What you should do –
In the entries that follow, find the line containing "འོན་ཀྱང་རྐྱེན་ཉམས་ཆུང་ཉིད་ཀྱང་ཡིན་ཏེ། ཞེས་དང་། ཡང་དེ་ཉིད་ལས།"; from there, copy every line exactly through the line containing "ཆོས་མངོན་པ་ལས་ཀྱང་། ཉེ་བར་ལེན་པའི་ཕུང་པོ་སྡུག་བསྔལ་ལོ། །".

--- Given information Enclosed Below ---

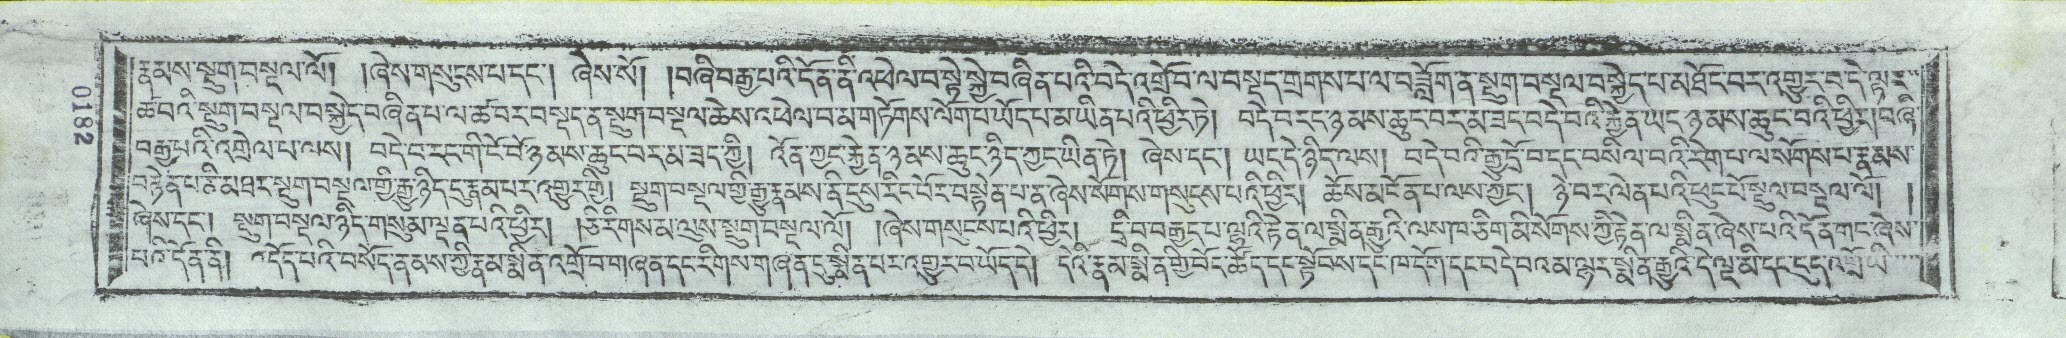རྣམས་སྡུག་བསྔལ་ལོ། །ཞེས་གསུངས་པ་དང་། ཞེས་སོ། །བཞི་བརྒྱ་པའི་དོན་ནི་འཕེལ་བ་སྟེ་སྐྱེ་བཞིན་པའི་བདེ་འགྲོ་བ་ལ་བསྡད་གྲགས་པ་ལ་བཟློག་ན་སྡུག་བསྔལ་བསྐྱེད་པ་མཐོང་བར་འགྱུར་བ་དེ་ལྟར་
ཚ་བའི་སྡུག་བསྔལ་བསྐྱེད་བཞིན་པ་ལ་ཚ་བར་བསྡད་ན་སྡུག་བསྔལ་ཆེས་འཕེལ་བ་མ་གཏོགས་ལོག་པ་ཡོད་པ་མ་ཡིན་པའི་ཕྱིར་ཏེ། བདེ་བ་རང་ཉམས་ཆུང་བར་མ་ཟད་བདེ་བའི་རྐྱེན་ཡང་ཉམས་ཆུང་བའི་ཕྱིར། བཞི་
བརྒྱ་པའི་འགྲེལ་པ་ལས། བདེ་བ་རང་གི་ངོ་བོ་ཉམས་ཆུང་བར་མ་ཟད་ཀྱི། འོན་ཀྱང་རྐྱེན་ཉམས་ཆུང་ཉིད་ཀྱང་ཡིན་ཏེ། ཞེས་དང་། ཡང་དེ་ཉིད་ལས། བདེ་བའི་རྒྱུ་དྲོ་བ་དང་བསིལ་བའི་རེག་པ་ལ་སོགས་པ་རྣམས་
བརྟེན་པ་ནི་མཐར་སྡུག་བསྔལ་གྱི་རྒྱུ་ཉིད་དུ་རྣམ་པར་འགྱུར་གྱི། སྡུག་བསྔལ་གྱི་རྒྱུ་རྣམས་ནི་དུས་རིང་པོར་བསྟེན་པ་ན་ཞེས་སོགས་གསུངས་པའི་ཕྱིར། ཆོས་མངོན་པ་ལས་ཀྱང་། ཉེ་བར་ལེན་པའི་ཕུང་པོ་སྡུག་བསྔལ་ལོ། །
ཞེས་དང་། སྡུག་བསྔལ་ཉིད་གསུམ་ལྡན་པའི་ཕྱིར། །ཅི་རིགས་མ་ལུས་སྡུག་བསྔལ་ལོ། །ཞེས་གསུངས་པའི་ཕྱིར། དྲི་བ་བརྒྱད་པ་ལྷའི་རྟེན་ལ་སྨིན་རྒྱུའི་ལས་ཁ་ཅིག་མི་སོགས་ཀྱི་རྟེན་ལ་སྨིན་ཞེས་པའི་དོན་གང་ཞེས་
པའི་དོན་ནི། འདོད་པའི་བསོད་ནམས་ཀྱི་རྣམ་སྨིན་འགྲོ་བ་གཞན་དང་རིགས་གཞན་དུ་སྨིན་པར་འགྱུར་བ་ཡོད་དེ། དེའི་རྣམ་སྨིན་གྱི་བོང་ཚོད་དང་སྟོབས་དང་ཁ་དོག་དང་བདེ་བའམ་ལྷར་སྨིན་རྒྱུའི་དེ་ལྔ་མི་དང་དུད་འགྲོ་ཡི་

--- End of Enclosed Given information ---

Expected output –
བརྒྱ་པའི་འགྲེལ་པ་ལས། བདེ་བ་རང་གི་ངོ་བོ་ཉམས་ཆུང་བར་མ་ཟད་ཀྱི། འོན་ཀྱང་རྐྱེན་ཉམས་ཆུང་ཉིད་ཀྱང་ཡིན་ཏེ། ཞེས་དང་། ཡང་དེ་ཉིད་ལས། བདེ་བའི་རྒྱུ་དྲོ་བ་དང་བསིལ་བའི་རེག་པ་ལ་སོགས་པ་རྣམས་
བརྟེན་པ་ནི་མཐར་སྡུག་བསྔལ་གྱི་རྒྱུ་ཉིད་དུ་རྣམ་པར་འགྱུར་གྱི། སྡུག་བསྔལ་གྱི་རྒྱུ་རྣམས་ནི་དུས་རིང་པོར་བསྟེན་པ་ན་ཞེས་སོགས་གསུངས་པའི་ཕྱིར། ཆོས་མངོན་པ་ལས་ཀྱང་། ཉེ་བར་ལེན་པའི་ཕུང་པོ་སྡུག་བསྔལ་ལོ། །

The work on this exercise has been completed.